# Scraping User Reviews from PakWheels

In this notebook we scrape user reviews from the PakWheels website using Python libraries such as `requests` and `BeautifulSoup`.

**Imports**

In [2]:
from bs4 import BeautifulSoup
import requests
import numpy as np
import pandas as pd
import re
import os
from json import loads, dumps
from tqdm import tqdm
from time import sleep

## Scraping User Reviews

A function to scrape user reviews for a car filtered by make and model.

In [34]:
def get_car_reviews(make, model, start=1):
    all_reviews = []
    while True:
        url = f'https://www.pakwheels.com/new-cars/{make}/{model}/reviews/?page={start}'
        response = requests.get(url)
        if response.url != url:
            break
        soup = BeautifulSoup(response.content, 'lxml')
        for div in soup.find('div', class_='well mb20').find_all('div', class_='mb40'):
            review_tagline = div.find('div', class_='col-md-9').find('h3').text.strip()
            car_name = div.find('div', class_='col-md-9').find('a', class_='generic-gray').text.strip()
            meta_info = div.find('div', class_='col-md-9').find('p', class_='date').text.strip()
            try:
                familiarity = div.find('div', class_='col-md-9').find('div', class_='familiarity').text.strip()
            except:
                familiarity = ''
            try:
                review_body = loads(div.find('script').text)['reviewBody'].strip()
            except:
                review_body = ''
            try:
                overall_rating = loads(div.find('script').text)['reviewRating']['ratingValue']
            except:
                overall_rating = float('nan')
            all_ratings = div.find('ul', class_=re.compile(r'review-rating list-unstyled clearfix')).find_all('li')
            style = all_ratings[0].find('img').get('alt').strip()
            comfort = all_ratings[1].find('img').get('alt').strip()
            fuel_economy = all_ratings[2].find('img').get('alt').strip()
            perfomance = all_ratings[3].find('img').get('alt').strip()
            value_for_money = all_ratings[4].find('img').get('alt').strip()
            helpfulness = div.find('div', class_='col-md-6').find_all('div')[-1].text.strip()
            review_obj = {
                'car_model': car_name,
                'review_title': review_tagline,
                'reviewer_info': meta_info,
                'familiarity': familiarity,
                'review_text' : review_body,
                'style': style,
                'comfort_rating': comfort,
                'fuel_economy': fuel_economy,
                'perfomance': perfomance,
                'value_for_money': value_for_money,
                'overall_rating': overall_rating,
                'helpful_votes': helpfulness
            }
            all_reviews.append(review_obj)
        start += 1

    return all_reviews

Utility Functions

In [7]:
def create_directories(make, models):
    for model in models:
        dir = os.path.join('reviews', make, model)
        if not os.path.exists(dir):
            os.makedirs(dir)

In [None]:
def format_string(input):
    return input.replace(' ', '-').lower()

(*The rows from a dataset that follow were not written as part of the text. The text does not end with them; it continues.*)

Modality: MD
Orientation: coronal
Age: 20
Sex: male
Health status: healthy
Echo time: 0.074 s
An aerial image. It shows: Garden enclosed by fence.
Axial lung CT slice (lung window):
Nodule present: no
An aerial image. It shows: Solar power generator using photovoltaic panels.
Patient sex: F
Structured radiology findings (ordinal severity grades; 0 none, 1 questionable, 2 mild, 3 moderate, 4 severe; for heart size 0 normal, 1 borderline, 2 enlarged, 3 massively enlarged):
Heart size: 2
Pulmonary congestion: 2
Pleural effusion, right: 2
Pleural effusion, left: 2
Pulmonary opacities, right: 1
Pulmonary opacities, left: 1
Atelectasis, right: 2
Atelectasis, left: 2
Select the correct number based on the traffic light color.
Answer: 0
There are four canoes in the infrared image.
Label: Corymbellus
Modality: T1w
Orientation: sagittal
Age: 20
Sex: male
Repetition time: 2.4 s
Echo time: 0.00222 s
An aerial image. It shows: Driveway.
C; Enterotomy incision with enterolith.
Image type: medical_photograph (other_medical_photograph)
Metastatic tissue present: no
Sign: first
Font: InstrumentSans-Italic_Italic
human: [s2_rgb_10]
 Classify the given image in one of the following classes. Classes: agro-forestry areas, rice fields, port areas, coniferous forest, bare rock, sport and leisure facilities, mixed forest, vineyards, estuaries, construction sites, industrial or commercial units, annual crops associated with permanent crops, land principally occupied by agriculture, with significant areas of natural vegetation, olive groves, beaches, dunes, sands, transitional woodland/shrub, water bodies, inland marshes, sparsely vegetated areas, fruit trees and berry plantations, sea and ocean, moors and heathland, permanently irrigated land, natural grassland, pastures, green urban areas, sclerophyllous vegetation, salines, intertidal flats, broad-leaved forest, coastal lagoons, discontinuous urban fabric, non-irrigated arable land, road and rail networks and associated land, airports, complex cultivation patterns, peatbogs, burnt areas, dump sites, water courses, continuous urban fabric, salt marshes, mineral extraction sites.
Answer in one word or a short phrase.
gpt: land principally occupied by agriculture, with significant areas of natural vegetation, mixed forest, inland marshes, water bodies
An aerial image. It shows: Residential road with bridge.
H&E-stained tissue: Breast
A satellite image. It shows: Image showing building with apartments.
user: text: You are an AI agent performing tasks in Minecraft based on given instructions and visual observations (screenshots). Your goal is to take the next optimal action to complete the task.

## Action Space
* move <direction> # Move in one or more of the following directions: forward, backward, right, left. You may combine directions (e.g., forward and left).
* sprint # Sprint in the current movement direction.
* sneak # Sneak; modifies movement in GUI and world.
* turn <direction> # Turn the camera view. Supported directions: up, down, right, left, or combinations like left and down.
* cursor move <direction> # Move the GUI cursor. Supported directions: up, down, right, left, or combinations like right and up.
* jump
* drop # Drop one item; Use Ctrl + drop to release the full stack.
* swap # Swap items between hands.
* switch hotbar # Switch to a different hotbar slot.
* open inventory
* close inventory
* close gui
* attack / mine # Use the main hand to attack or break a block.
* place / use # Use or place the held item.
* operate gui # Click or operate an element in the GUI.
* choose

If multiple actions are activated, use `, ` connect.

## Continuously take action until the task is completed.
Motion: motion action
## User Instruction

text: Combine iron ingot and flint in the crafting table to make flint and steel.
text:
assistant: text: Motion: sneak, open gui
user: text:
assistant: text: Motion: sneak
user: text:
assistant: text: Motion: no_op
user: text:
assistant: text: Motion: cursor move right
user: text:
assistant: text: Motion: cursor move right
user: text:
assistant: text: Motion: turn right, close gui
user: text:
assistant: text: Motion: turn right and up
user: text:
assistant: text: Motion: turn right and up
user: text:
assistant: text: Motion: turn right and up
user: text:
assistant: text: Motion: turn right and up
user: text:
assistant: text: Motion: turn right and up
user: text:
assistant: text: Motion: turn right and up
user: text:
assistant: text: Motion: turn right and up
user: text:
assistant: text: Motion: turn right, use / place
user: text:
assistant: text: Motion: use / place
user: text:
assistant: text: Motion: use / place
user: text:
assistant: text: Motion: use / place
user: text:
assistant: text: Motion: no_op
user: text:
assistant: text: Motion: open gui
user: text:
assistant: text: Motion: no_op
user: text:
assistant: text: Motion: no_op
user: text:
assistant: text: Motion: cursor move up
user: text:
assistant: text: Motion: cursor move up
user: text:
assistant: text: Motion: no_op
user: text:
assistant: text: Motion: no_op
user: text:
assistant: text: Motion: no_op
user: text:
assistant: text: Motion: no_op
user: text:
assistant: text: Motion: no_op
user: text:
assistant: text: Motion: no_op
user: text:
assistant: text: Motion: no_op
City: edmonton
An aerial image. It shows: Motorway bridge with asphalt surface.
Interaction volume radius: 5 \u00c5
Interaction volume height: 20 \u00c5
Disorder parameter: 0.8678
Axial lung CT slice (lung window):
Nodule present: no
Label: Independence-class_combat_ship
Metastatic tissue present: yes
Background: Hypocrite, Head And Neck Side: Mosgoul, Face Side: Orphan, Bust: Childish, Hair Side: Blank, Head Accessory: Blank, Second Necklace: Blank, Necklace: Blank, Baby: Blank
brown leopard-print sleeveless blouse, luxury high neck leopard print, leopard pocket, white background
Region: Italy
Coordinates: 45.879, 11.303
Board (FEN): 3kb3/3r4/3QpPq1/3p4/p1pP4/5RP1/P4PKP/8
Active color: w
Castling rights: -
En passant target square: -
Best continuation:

## Loading Make-Model List and Creating Directories

We will load a list of car makes and models from a JSON file and create directories for each make and its corresponding models.

In [8]:
with open('json/make_model_list.json', 'r') as f:
    make_models_list = loads(f.read())

for idx in range(len(make_models_list)):
    create_directories(make_models_list[idx]['make'], make_models_list[idx]['models'])

In [12]:
for make in os.listdir('reviews'):
    for model in tqdm(os.listdir(os.path.join('reviews', make)), desc=f'Processing {make}'):
        try:
            reviews = get_car_reviews(format_string(make), format_string(model))
            if len(reviews):
                with open(os.path.join('reviews', make, model, 'reviews_list.json'), 'w') as f:
                    f.write(dumps(reviews))
            sleep(5)
        except:
            print(make, model)
            continue

Processing Volkswagen: 100%|██████████| 7/7 [00:48<00:00,  6.99s/it]
Processing Porsche: 100%|██████████| 8/8 [00:55<00:00,  6.96s/it]
Processing Hino: 100%|██████████| 1/1 [00:07<00:00,  7.28s/it]
Processing Bugatti: 100%|██████████| 2/2 [00:13<00:00,  6.58s/it]
Processing Power: 100%|██████████| 1/1 [00:06<00:00,  6.80s/it]
Processing United: 100%|██████████| 2/2 [00:14<00:00,  7.30s/it]
Processing Mitsubishi:  50%|█████     | 12/24 [01:19<00:59,  4.94s/it]

Mitsubishi Minicab


Processing Mitsubishi:  88%|████████▊ | 21/24 [02:21<00:16,  5.36s/it]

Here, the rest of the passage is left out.